California

Software for the yard running California’s heavy equipment.

California runs construction through the LA basin, San Diego, the Bay Area, and Sacramento, oilfield through Kern County and Bakersfield, and agricultural equipment through the Central Valley. The dispatch patterns are familiar. The tax jurisdiction is the most complex in the country. EquipFlow was built inside a Permian Basin yard and handles both.

No implementation fee. Running in a week.

Thirty minutes on a call is enough to scope the migration.

Book a demo →

California’s rental backdrop.

Southern California anchors the largest construction rental market in the state. Los Angeles County, Orange County, San Diego, and the Inland Empire run commercial development, highway and infrastructure projects, port logistics work at the LA and Long Beach terminals, and a steady current of entertainment and event-production equipment demand. Wildfire-recovery construction along the foothills and coastal ranges creates concentrated surge demand — when a fire season ends, rebuild contracts start, and rental demand for grading, access, and material-handling equipment spikes quickly in affected corridors.

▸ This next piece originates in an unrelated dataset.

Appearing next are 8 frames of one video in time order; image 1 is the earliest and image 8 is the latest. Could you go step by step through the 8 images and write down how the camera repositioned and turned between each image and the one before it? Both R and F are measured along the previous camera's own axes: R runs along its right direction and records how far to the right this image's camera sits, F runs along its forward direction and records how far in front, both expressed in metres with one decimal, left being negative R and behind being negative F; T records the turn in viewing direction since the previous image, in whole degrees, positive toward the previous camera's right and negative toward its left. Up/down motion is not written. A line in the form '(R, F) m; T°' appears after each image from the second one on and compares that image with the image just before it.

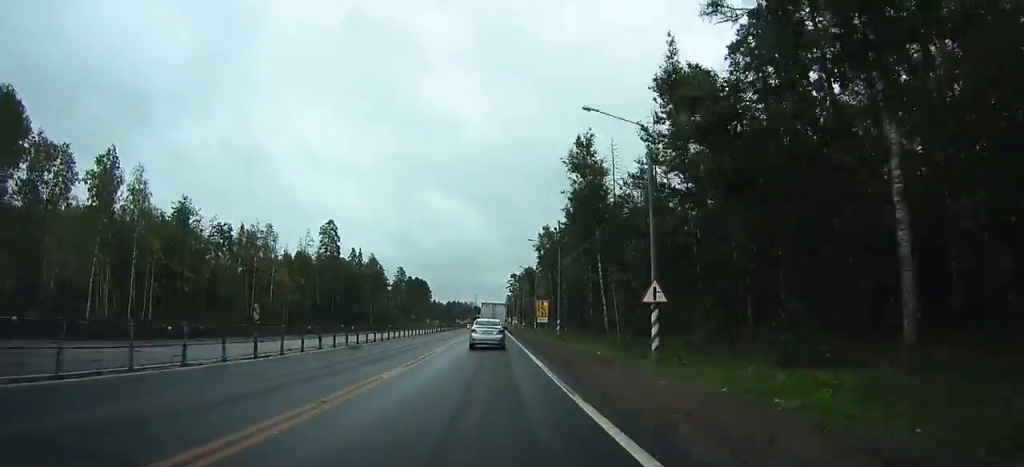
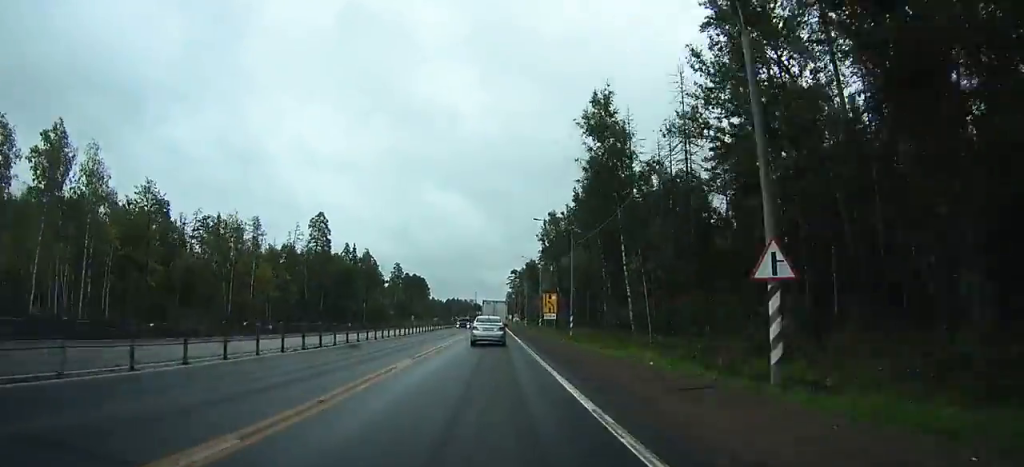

The Bay Area and Sacramento run construction and infrastructure rental with a tech-campus and transit-infrastructure flavor. Fresno and the Central Valley combine agricultural-equipment rental — harvest support, irrigation infrastructure, facility construction — with oilfield adjacency in the southern end of the valley near Bakersfield. Kern County and Bakersfield are the core of California oilfield: producers operating on the San Joaquin Valley floor under CARB oversight, with a rental-demand mix similar to a smaller Permian Basin — manlifts, generators, light towers, compressors, water trucks on MSA contracts.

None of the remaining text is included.